→ Task statement:
Reproduce the entries exactly and omit the pictures.

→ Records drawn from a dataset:
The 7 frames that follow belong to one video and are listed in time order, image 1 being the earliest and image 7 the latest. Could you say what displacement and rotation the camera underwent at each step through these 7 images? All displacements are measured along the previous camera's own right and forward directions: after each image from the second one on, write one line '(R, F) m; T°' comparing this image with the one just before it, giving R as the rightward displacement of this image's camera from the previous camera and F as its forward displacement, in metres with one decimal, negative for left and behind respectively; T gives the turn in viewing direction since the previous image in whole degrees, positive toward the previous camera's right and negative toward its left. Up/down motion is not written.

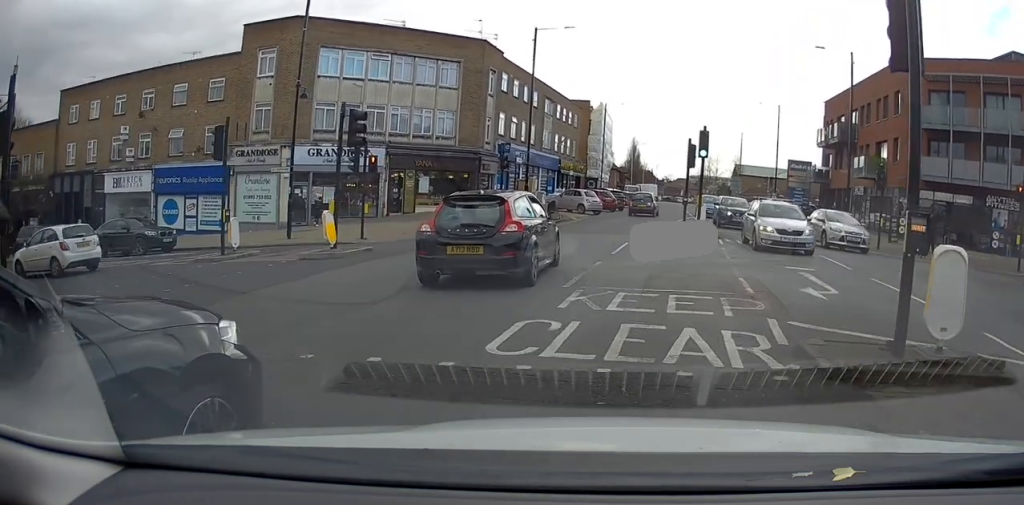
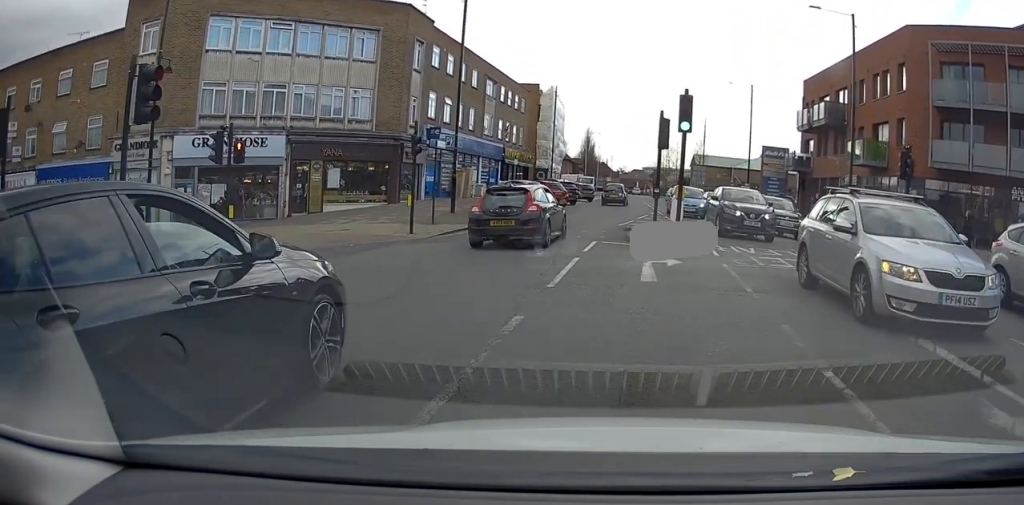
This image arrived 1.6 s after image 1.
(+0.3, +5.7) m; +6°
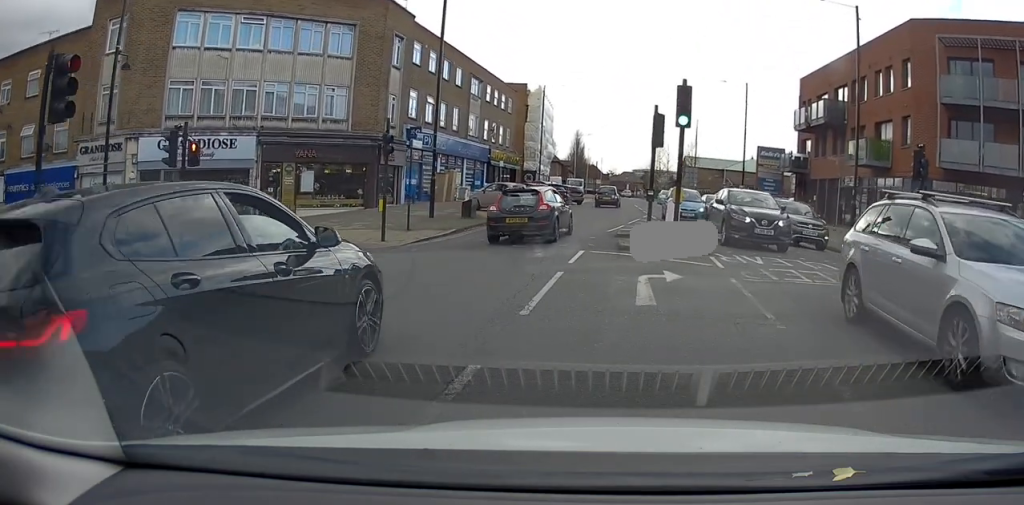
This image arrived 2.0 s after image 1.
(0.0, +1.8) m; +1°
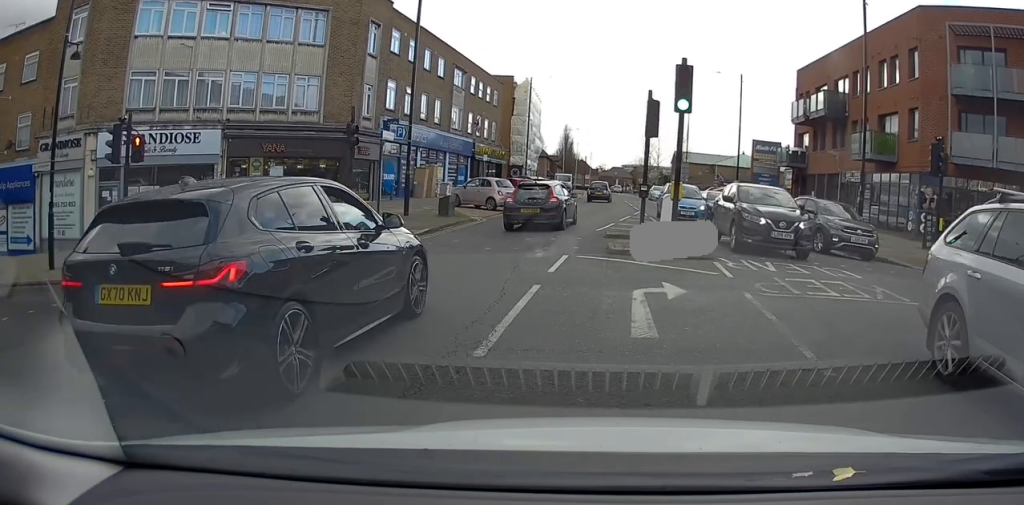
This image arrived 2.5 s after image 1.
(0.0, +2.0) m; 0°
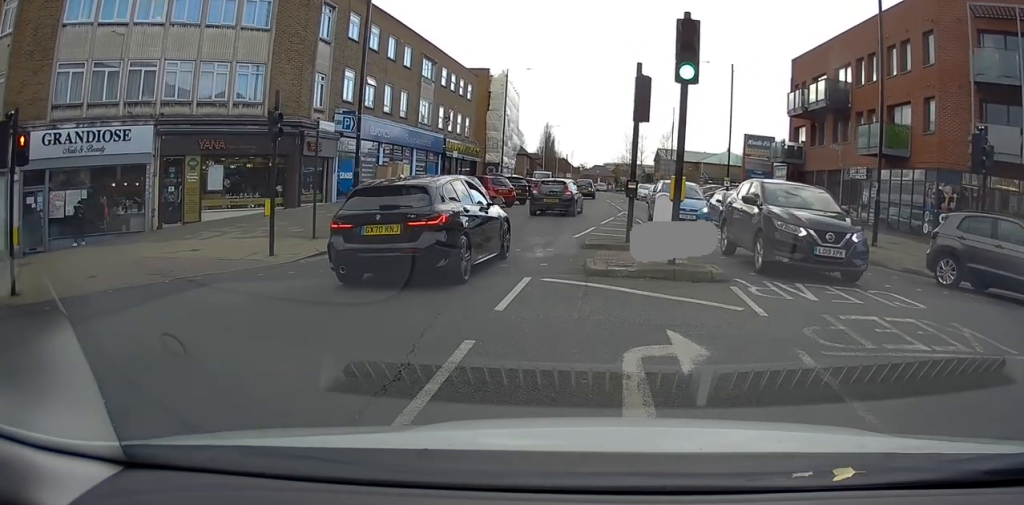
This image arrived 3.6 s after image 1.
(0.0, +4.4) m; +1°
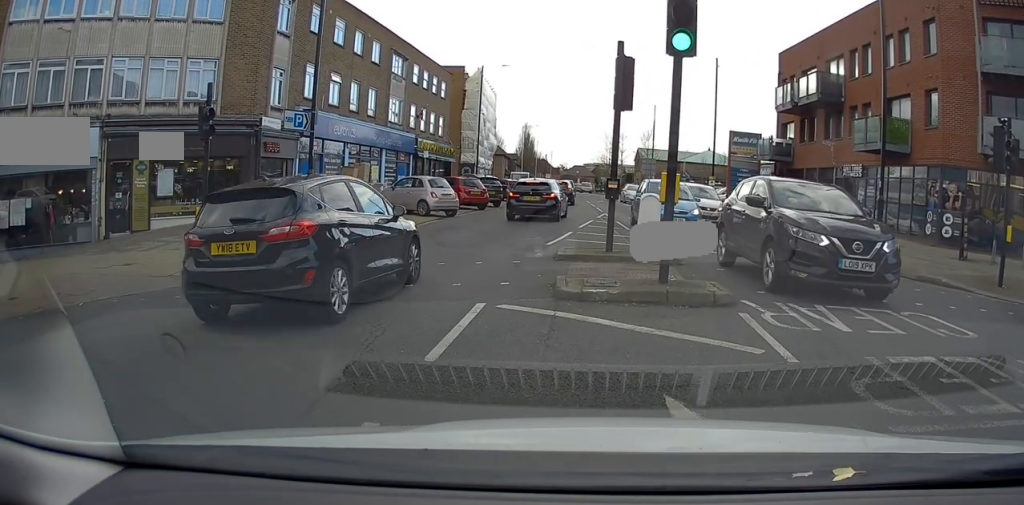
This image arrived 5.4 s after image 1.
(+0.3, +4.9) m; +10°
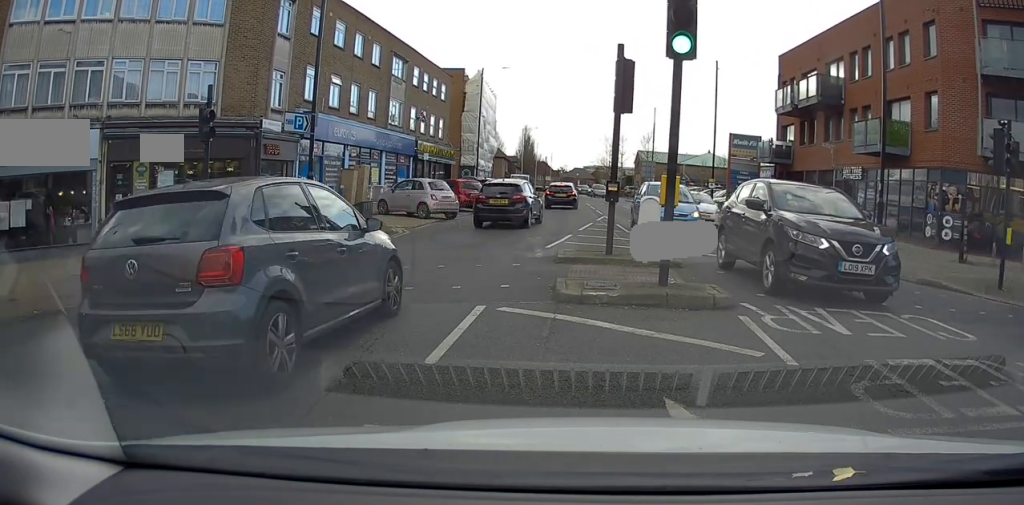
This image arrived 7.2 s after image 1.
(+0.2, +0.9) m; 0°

→ Reply to the task:
The 7 frames that follow belong to one video and are listed in time order, image 1 being the earliest and image 7 the latest. Could you say what displacement and rotation the camera underwent at each step through these 7 images? All displacements are measured along the previous camera's own right and forward directions: after each image from the second one on, write one line '(R, F) m; T°' comparing this image with the one just before it, giving R as the rightward displacement of this image's camera from the previous camera and F as its forward displacement, in metres with one decimal, negative for left and behind respectively; T gives the turn in viewing direction since the previous image in whole degrees, positive toward the previous camera's right and negative toward its left. Up/down motion is not written.

This image arrived 1.6 s after image 1.
(+0.3, +5.7) m; +6°
This image arrived 2.0 s after image 1.
(0.0, +1.8) m; +1°
This image arrived 2.5 s after image 1.
(0.0, +2.0) m; 0°
This image arrived 3.6 s after image 1.
(0.0, +4.4) m; +1°
This image arrived 5.4 s after image 1.
(+0.3, +4.9) m; +10°
This image arrived 7.2 s after image 1.
(+0.2, +0.9) m; 0°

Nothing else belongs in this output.